● RECORDS SHOWN:
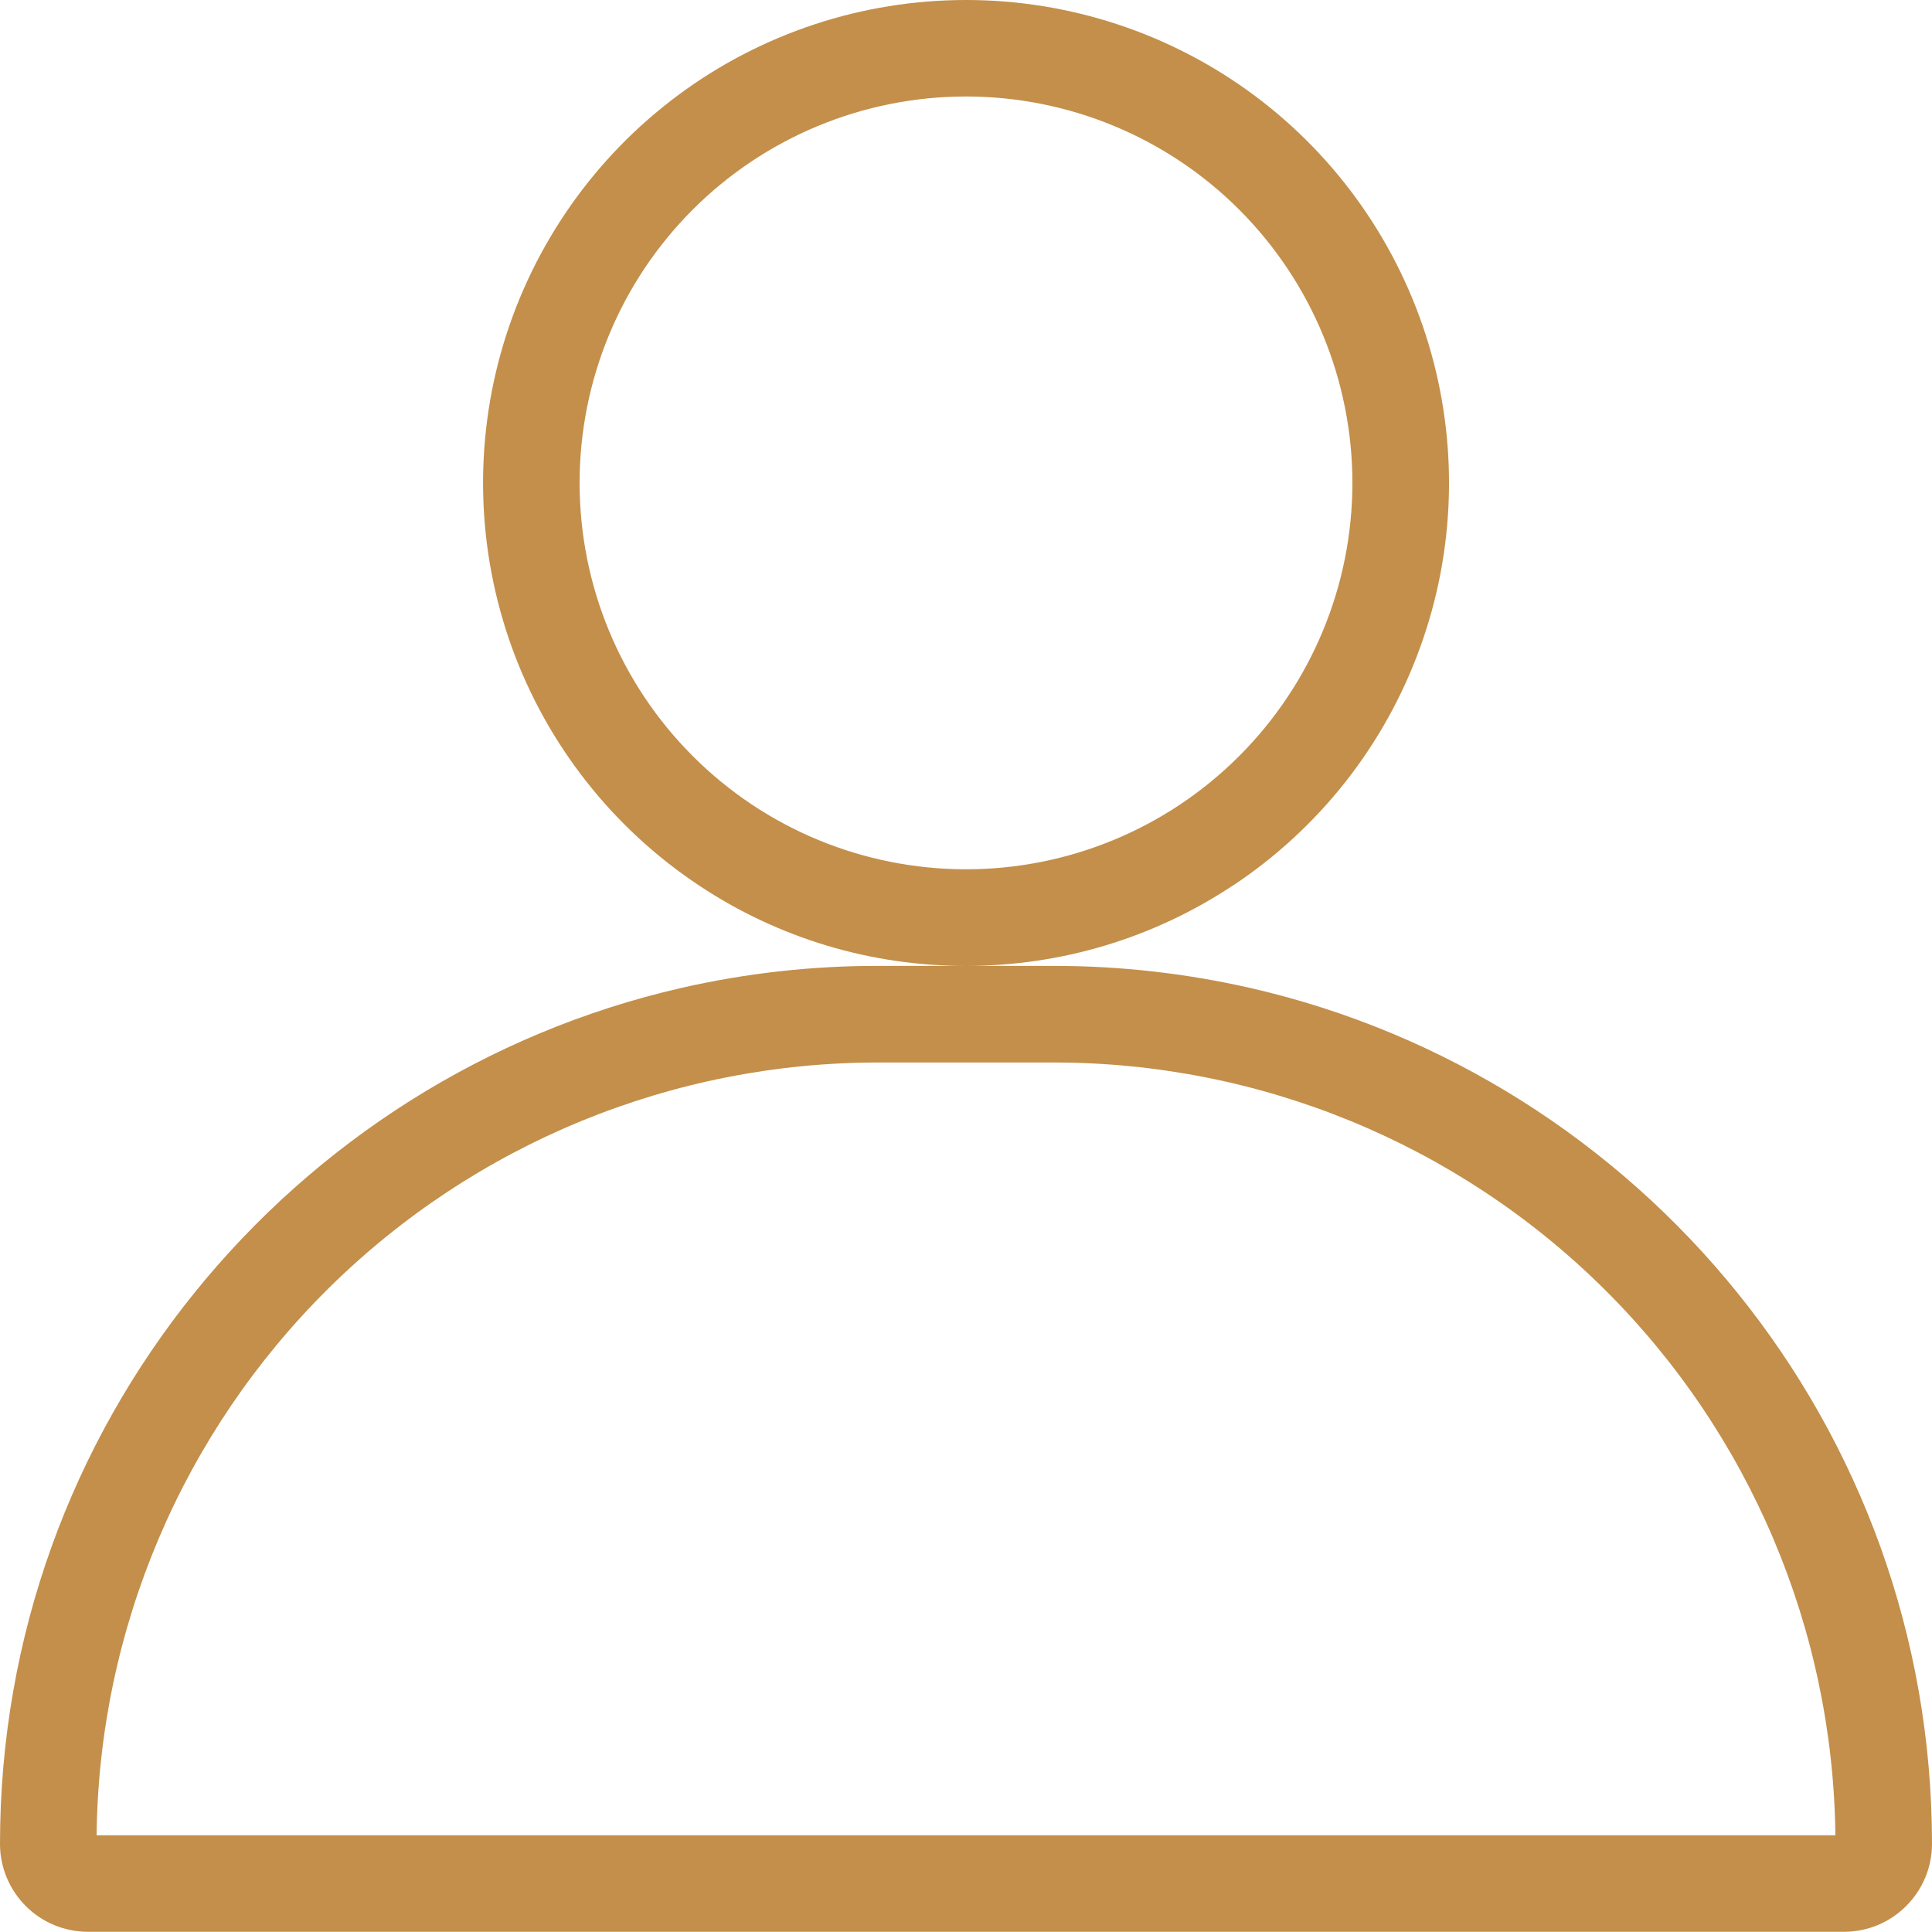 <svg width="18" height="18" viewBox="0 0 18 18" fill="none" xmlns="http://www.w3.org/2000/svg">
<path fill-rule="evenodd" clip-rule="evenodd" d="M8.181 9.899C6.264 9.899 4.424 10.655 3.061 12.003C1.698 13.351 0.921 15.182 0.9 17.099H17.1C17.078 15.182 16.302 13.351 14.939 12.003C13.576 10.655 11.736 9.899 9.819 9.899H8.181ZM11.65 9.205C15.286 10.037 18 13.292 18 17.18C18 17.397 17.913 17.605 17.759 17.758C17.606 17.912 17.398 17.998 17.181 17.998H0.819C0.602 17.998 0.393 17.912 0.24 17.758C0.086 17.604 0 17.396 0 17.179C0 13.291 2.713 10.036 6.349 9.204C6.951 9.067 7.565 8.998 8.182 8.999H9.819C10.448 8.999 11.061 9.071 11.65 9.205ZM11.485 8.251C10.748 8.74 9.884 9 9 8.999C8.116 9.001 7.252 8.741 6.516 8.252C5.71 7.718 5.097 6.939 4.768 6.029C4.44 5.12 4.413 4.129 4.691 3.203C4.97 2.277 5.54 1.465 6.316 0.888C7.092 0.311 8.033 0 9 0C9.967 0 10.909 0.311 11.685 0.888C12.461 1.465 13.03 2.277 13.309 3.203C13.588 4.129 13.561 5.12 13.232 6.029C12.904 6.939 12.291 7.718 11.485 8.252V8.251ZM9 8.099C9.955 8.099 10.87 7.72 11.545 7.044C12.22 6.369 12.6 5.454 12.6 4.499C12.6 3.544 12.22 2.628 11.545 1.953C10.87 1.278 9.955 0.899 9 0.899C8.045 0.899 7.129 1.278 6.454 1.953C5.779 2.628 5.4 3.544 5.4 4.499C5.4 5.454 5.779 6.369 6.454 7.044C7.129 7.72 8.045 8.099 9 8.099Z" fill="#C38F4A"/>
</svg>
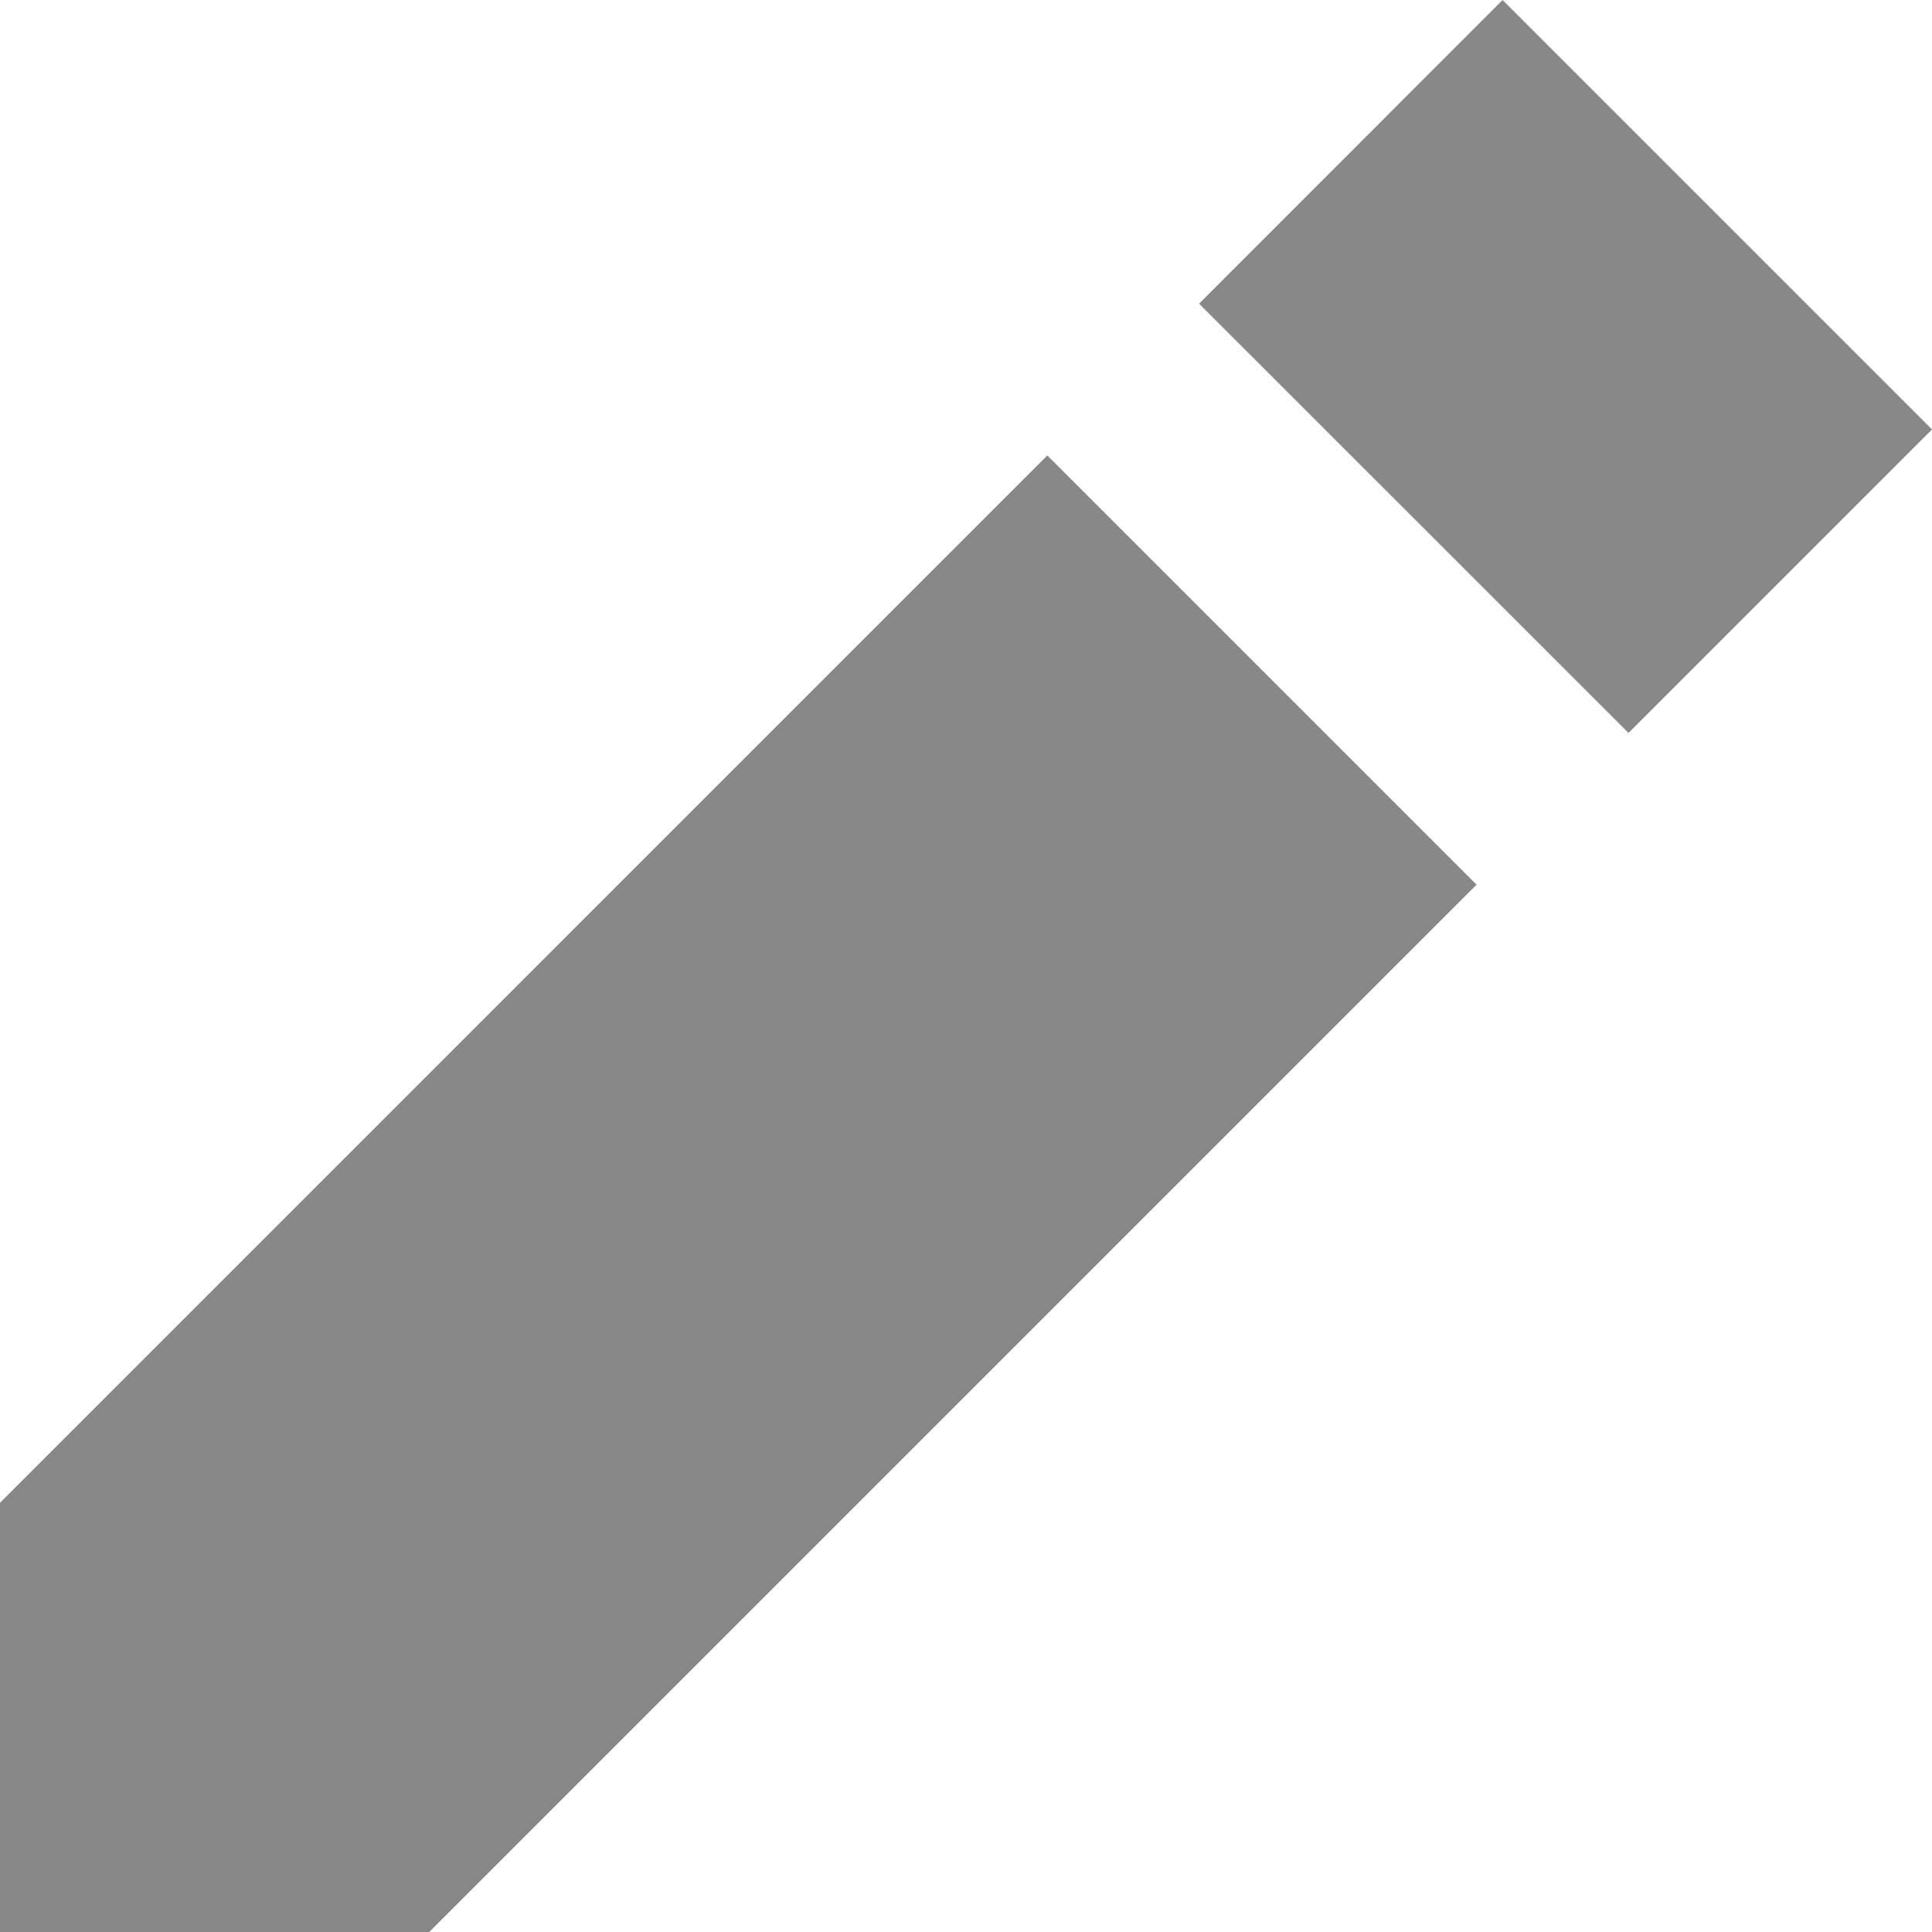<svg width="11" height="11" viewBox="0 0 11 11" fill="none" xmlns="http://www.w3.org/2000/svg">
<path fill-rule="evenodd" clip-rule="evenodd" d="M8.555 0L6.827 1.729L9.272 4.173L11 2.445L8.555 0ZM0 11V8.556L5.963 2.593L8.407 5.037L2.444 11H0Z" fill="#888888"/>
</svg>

● PROBLEM:
Your answer must be an exact repeat of all the records, minus the pictures.

● EXERCISE RESULT:
 <svg width="18" height="18" viewBox="0 0 18 18" fill="none" xmlns="http://www.w3.org/2000/svg">
<path fill-rule="evenodd" clip-rule="evenodd" d="M8.181 9.899C6.264 9.899 4.424 10.655 3.061 12.003C1.698 13.351 0.921 15.182 0.9 17.099H17.1C17.078 15.182 16.302 13.351 14.939 12.003C13.576 10.655 11.736 9.899 9.819 9.899H8.181ZM11.65 9.205C15.286 10.037 18 13.292 18 17.18C18 17.397 17.913 17.605 17.759 17.758C17.606 17.912 17.398 17.998 17.181 17.998H0.819C0.602 17.998 0.393 17.912 0.24 17.758C0.086 17.604 0 17.396 0 17.179C0 13.291 2.713 10.036 6.349 9.204C6.951 9.067 7.565 8.998 8.182 8.999H9.819C10.448 8.999 11.061 9.071 11.65 9.205ZM11.485 8.251C10.748 8.74 9.884 9 9 8.999C8.116 9.001 7.252 8.741 6.516 8.252C5.71 7.718 5.097 6.939 4.768 6.029C4.44 5.12 4.413 4.129 4.691 3.203C4.97 2.277 5.54 1.465 6.316 0.888C7.092 0.311 8.033 0 9 0C9.967 0 10.909 0.311 11.685 0.888C12.461 1.465 13.03 2.277 13.309 3.203C13.588 4.129 13.561 5.12 13.232 6.029C12.904 6.939 12.291 7.718 11.485 8.252V8.251ZM9 8.099C9.955 8.099 10.87 7.72 11.545 7.044C12.22 6.369 12.6 5.454 12.6 4.499C12.6 3.544 12.22 2.628 11.545 1.953C10.87 1.278 9.955 0.899 9 0.899C8.045 0.899 7.129 1.278 6.454 1.953C5.779 2.628 5.4 3.544 5.4 4.499C5.4 5.454 5.779 6.369 6.454 7.044C7.129 7.72 8.045 8.099 9 8.099Z" fill="#C38F4A"/>
</svg>
<svg width="11" height="11" viewBox="0 0 11 11" fill="none" xmlns="http://www.w3.org/2000/svg">
<path fill-rule="evenodd" clip-rule="evenodd" d="M8.555 0L6.827 1.729L9.272 4.173L11 2.445L8.555 0ZM0 11V8.556L5.963 2.593L8.407 5.037L2.444 11H0Z" fill="#888888"/>
</svg>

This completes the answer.